Budget 2016: Wishin' and hopin' won't deliver surplus

CEDA Chief Executive Professor the Hon. Stephen Martin discusses if the 2016 Federal Budget reduces the deficit.

The Federal Budget is built on a house of cards and while it introduces some positive measures, the deficit still looms large and there continues to be no credible plan to return to surplus.

CEDA’s March report, Deficit to balance: budget repair options, sets out a realistic path to surplus that could be achieved by 2018-19.

While some of the revenue raising measures suggested in our report have been taken up, unfortunately that revenue is not being used to tackle the deficit.

It seems that there is no longer a budget emergency, notwithstanding the ballooning level of debt far above the figure that triggered this description by the Abbott government in 2013.

On the evidence on Tuesday night, tackling the budget deficit is a low priority – except the problem is the Reserve Bank of Australia (RBA) rate cut this week would suggest otherwise.

The RBA decision to lower interest rates shows it is concerned about the economy – it shows our economy is vulnerable.

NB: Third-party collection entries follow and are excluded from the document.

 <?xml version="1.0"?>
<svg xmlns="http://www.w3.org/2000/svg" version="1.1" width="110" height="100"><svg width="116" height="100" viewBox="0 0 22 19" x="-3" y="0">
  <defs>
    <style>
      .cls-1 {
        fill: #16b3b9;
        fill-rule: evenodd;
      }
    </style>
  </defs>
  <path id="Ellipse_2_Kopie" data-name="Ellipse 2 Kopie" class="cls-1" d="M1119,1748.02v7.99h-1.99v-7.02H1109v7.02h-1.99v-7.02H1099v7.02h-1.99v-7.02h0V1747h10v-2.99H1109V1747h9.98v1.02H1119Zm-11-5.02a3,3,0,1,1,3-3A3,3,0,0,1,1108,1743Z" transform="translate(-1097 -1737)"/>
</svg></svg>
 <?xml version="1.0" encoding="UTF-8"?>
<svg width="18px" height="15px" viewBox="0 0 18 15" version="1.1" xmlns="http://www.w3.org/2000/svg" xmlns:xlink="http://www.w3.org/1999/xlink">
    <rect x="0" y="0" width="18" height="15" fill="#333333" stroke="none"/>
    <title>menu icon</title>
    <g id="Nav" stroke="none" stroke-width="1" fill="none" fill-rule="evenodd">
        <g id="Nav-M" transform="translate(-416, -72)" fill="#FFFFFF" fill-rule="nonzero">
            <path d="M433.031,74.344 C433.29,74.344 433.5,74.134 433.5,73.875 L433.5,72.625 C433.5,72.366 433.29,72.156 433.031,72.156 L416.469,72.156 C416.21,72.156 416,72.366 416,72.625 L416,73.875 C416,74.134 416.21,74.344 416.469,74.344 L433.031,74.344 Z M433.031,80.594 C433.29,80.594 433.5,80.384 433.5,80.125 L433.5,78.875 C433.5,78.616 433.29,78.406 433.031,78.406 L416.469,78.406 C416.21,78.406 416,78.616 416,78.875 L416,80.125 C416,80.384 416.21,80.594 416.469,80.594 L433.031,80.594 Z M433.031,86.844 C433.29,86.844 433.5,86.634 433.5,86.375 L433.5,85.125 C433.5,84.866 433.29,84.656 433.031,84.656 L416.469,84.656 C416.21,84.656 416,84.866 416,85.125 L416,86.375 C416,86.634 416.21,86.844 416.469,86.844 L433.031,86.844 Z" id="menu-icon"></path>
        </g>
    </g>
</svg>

If there was a global economic shock tomorrow, Australia is not in the position it was in 2007-08 when government could spend to help insulate its worst effects.

Unfortunately, the Budget does not reflect this growing concern about this evident weakness. In fact, quite the opposite.

The economic growth assumptions underpinning the Budget forecasts are way too optimistic and unrealistic – a senior Treasury official acknowledged at a CEDA event only earlier this year that they are poor at forecasting in uncertain times.

Is a revised downward GDP growth rate really expected to leap back? Is unemployment really going to be 5.7 per cent when resource states are already feeling the pinch and regional unemployment numbers are much higher?

While the Government’s forecast timeline for return to surplus hasn’t been pushed out further from the Mid-Year Economic and Fiscal Outlook (MYEFO), the economic plan mapped out by government to return to surplus remains like the lyrics from a Dusty Springfield song – wishin’ and a hopin’.

Without a genuine economic plan that takes some hard decisions outside the electoral cycle the deficit is likely to continue for many more years than forecast and potentially threaten our Triple A credit rating.

The Budget papers finally acknowledge there is a revenue problem stating that “lower-than-expected taxation receipts remains a major challenge…and underlines the importance of continued spending restraint”, yet this hasn’t translated into action nor does it appear that this has been factored into the path to surplus, in fact spending has increased.

Despite the announcement of major spending reduction policies such as achieving efficiencies in the public service, government expenditure is estimated to grow by $20 billion to $445 billion in 2016-17.

Expenditure as a share of GDP is expected to remain the same in 2016-17 at 25.8 per cent and while it is forecast to drop over the forward estimates, the decline will be slower than forecast just six months ago at MYEFO.

A number of the other measures in the Budget also appear to be piecemeal. The Government’s small attempt to address bracket creep through the tax reduction for those earning more than $80,000 is recognising the problem but a little pointless.

Bracket creep does need to be addressed through a comprehensive tax reform package but after the deficit has been removed.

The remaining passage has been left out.